§ Exercise aim
The entries below contain pictures. Write out only the lines from the line with "Inside the soft" up to and including the line with "Tactile sensor images from the right", exactly, without them.

----------

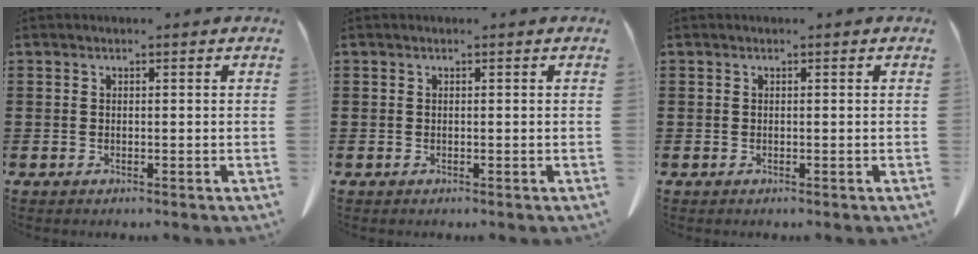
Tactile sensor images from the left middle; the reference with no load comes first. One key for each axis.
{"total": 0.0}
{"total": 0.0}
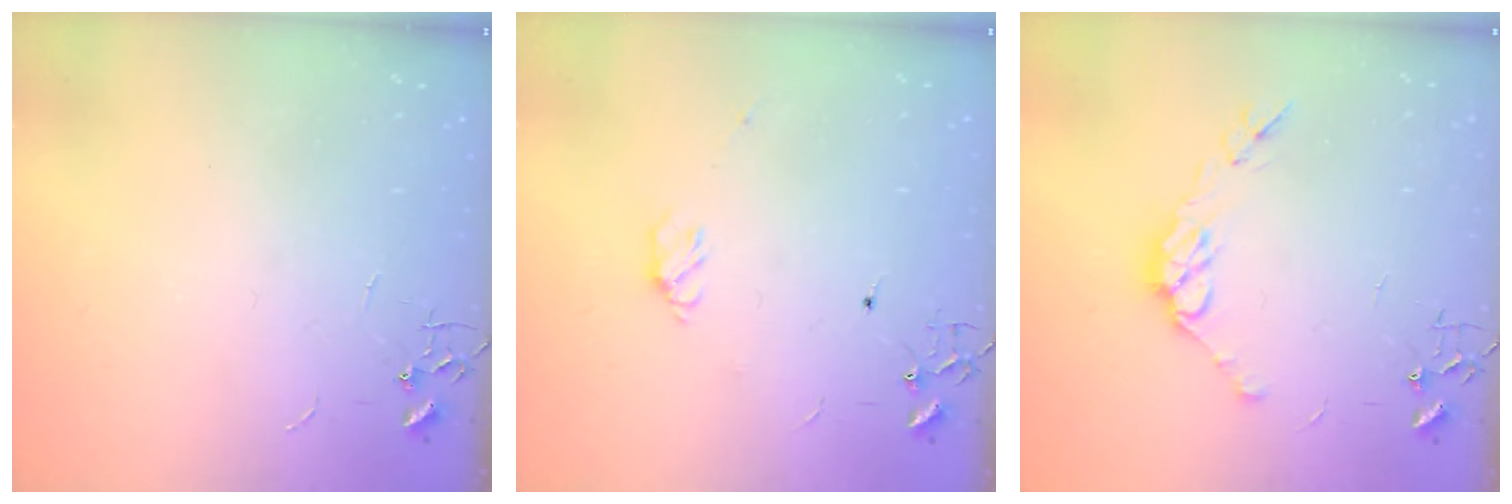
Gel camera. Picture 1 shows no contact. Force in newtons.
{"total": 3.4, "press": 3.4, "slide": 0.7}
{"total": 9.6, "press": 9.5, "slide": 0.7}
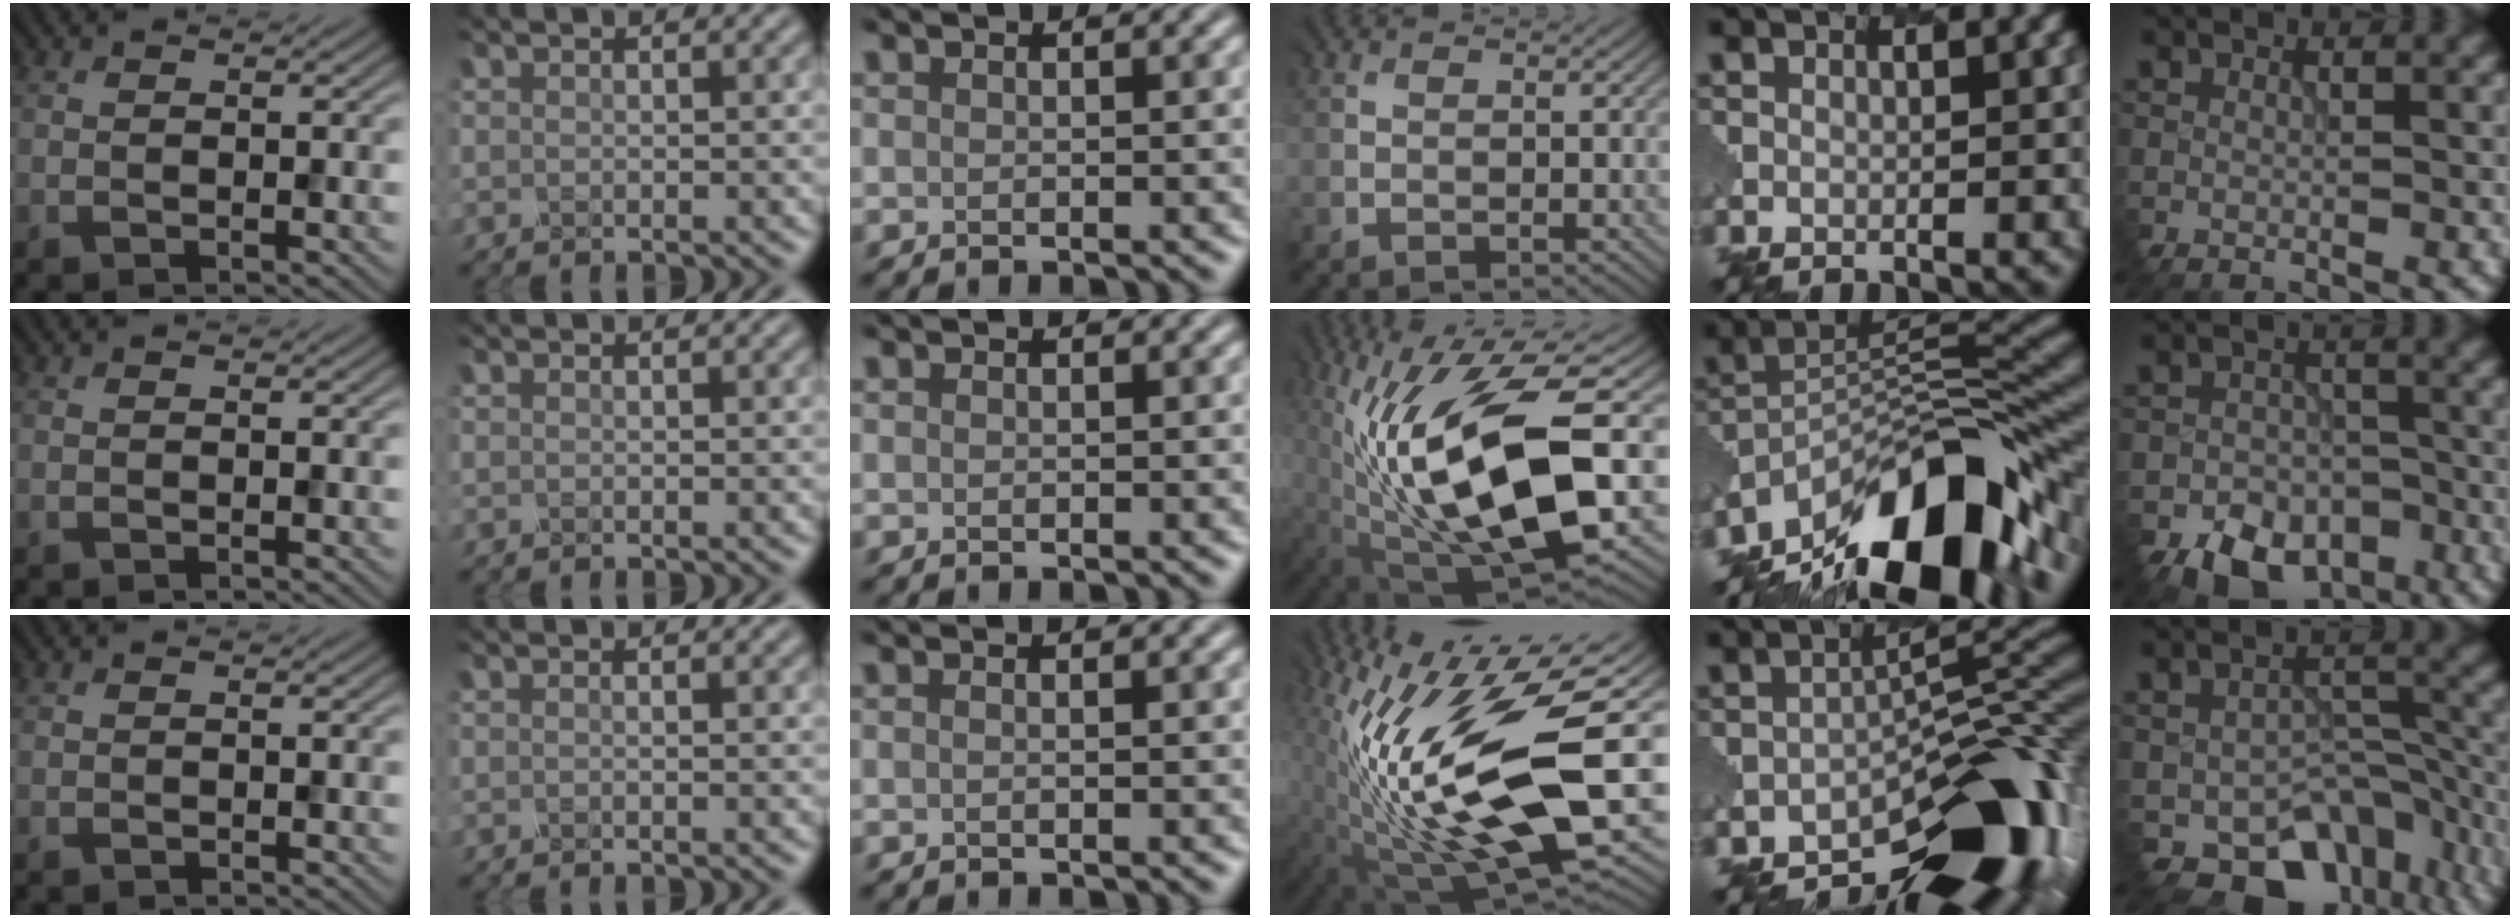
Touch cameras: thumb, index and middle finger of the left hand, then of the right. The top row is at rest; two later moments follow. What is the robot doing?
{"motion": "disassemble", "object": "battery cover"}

----------

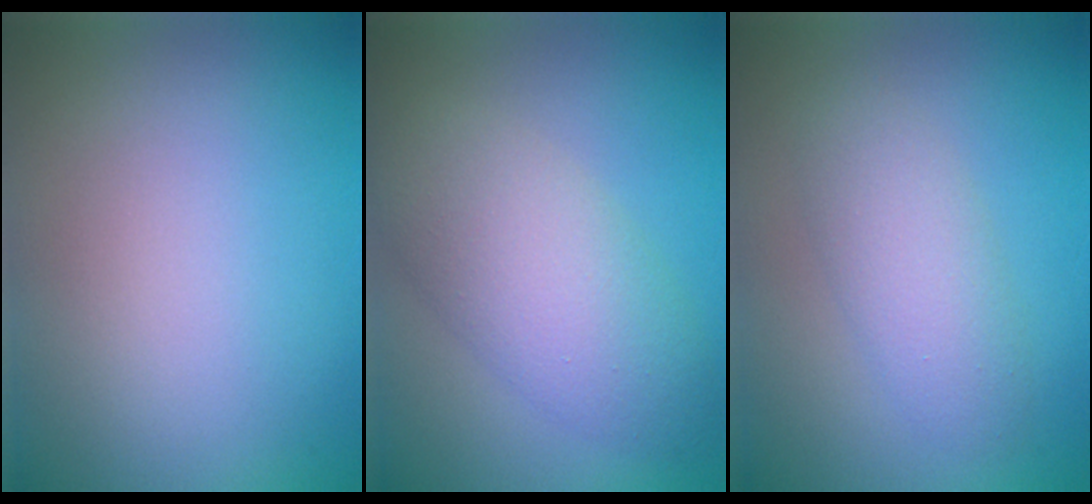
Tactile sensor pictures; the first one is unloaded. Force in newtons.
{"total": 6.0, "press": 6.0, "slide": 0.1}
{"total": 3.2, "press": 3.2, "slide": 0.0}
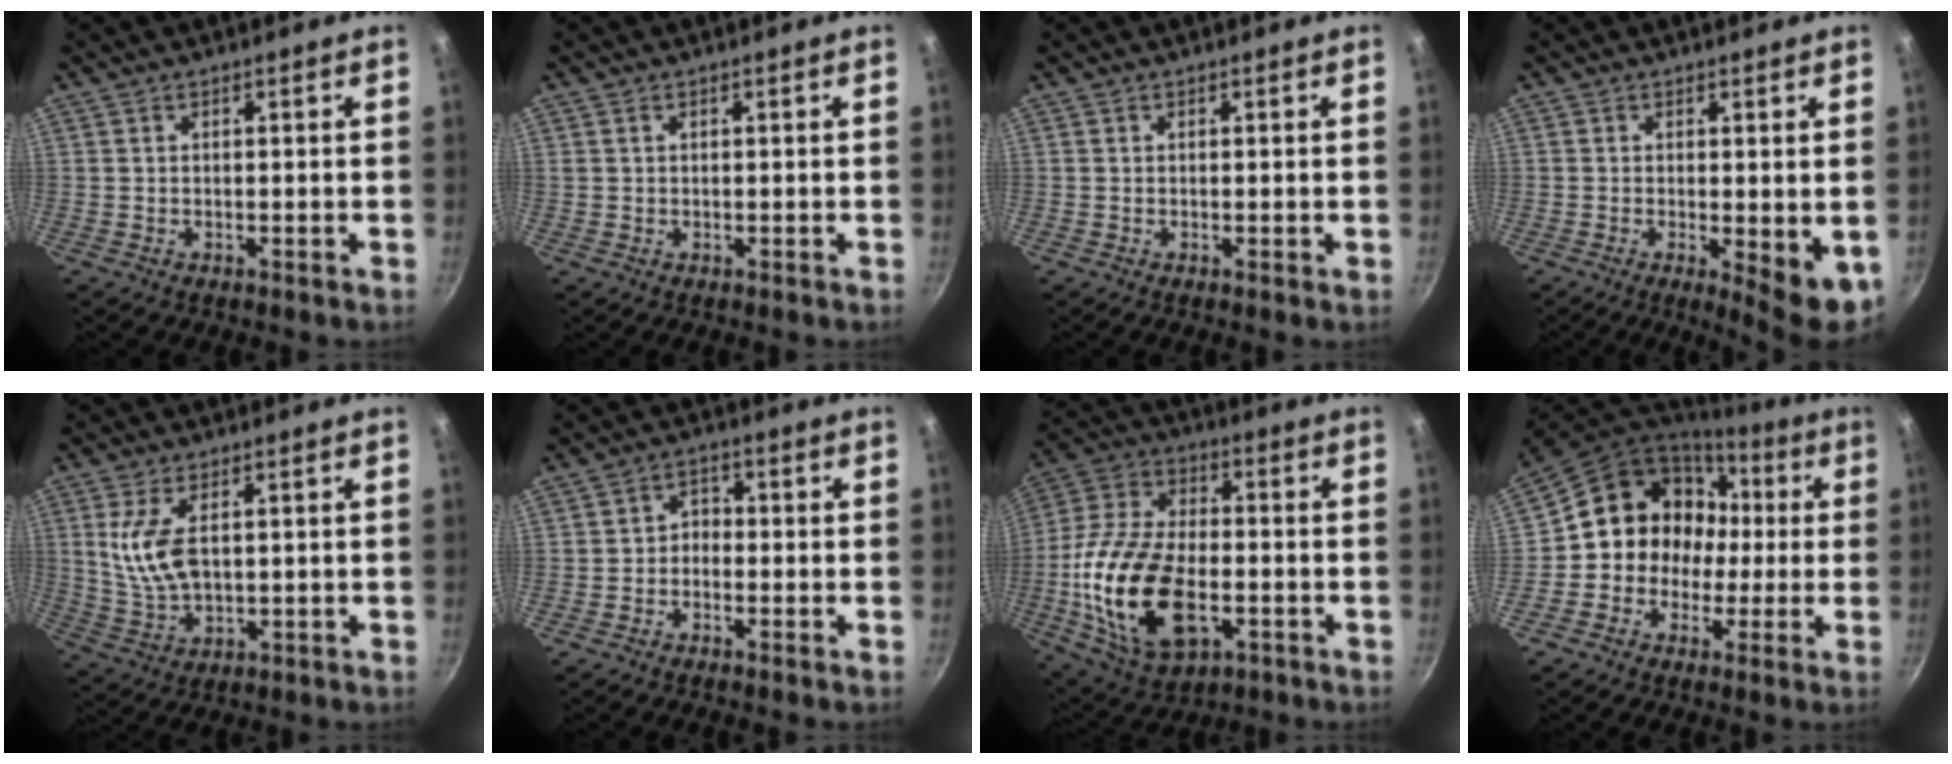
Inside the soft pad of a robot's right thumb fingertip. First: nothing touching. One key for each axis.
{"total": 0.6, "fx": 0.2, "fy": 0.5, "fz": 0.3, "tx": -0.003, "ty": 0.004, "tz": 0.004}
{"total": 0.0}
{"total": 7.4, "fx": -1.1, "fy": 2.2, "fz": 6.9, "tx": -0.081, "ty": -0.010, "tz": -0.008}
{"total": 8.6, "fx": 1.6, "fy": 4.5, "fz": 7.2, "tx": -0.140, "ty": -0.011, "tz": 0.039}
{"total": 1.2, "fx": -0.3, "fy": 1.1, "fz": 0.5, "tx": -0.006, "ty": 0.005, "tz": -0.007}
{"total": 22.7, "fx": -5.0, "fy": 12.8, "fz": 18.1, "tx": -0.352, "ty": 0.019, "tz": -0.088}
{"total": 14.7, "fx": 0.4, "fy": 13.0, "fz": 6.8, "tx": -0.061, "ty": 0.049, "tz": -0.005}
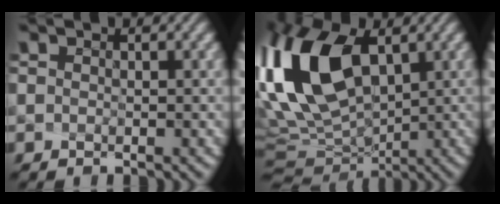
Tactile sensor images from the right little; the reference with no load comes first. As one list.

----------

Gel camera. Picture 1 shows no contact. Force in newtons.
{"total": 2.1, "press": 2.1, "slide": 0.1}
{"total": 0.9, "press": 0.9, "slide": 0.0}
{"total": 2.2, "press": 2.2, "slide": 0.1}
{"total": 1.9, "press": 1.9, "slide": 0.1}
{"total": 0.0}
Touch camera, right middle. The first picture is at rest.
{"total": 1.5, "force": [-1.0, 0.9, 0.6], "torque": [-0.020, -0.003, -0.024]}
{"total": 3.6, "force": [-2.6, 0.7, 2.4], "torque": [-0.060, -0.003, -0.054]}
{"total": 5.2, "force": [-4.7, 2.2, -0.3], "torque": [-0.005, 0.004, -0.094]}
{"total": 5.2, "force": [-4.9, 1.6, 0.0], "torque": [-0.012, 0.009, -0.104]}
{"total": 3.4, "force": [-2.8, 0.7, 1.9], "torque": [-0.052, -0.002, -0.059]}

----------

§ Task result
Inside the soft pad of a robot's right thumb fingertip. First: nothing touching. One key for each axis.
{"total": 0.6, "fx": 0.2, "fy": 0.5, "fz": 0.3, "tx": -0.003, "ty": 0.004, "tz": 0.004}
{"total": 0.0}
{"total": 7.4, "fx": -1.1, "fy": 2.2, "fz": 6.9, "tx": -0.081, "ty": -0.010, "tz": -0.008}
{"total": 8.6, "fx": 1.6, "fy": 4.5, "fz": 7.2, "tx": -0.140, "ty": -0.011, "tz": 0.039}
{"total": 1.2, "fx": -0.3, "fy": 1.1, "fz": 0.5, "tx": -0.006, "ty": 0.005, "tz": -0.007}
{"total": 22.7, "fx": -5.0, "fy": 12.8, "fz": 18.1, "tx": -0.352, "ty": 0.019, "tz": -0.088}
{"total": 14.7, "fx": 0.4, "fy": 13.0, "fz": 6.8, "tx": -0.061, "ty": 0.049, "tz": -0.005}
Tactile sensor images from the right little; the reference with no load comes first. As one list.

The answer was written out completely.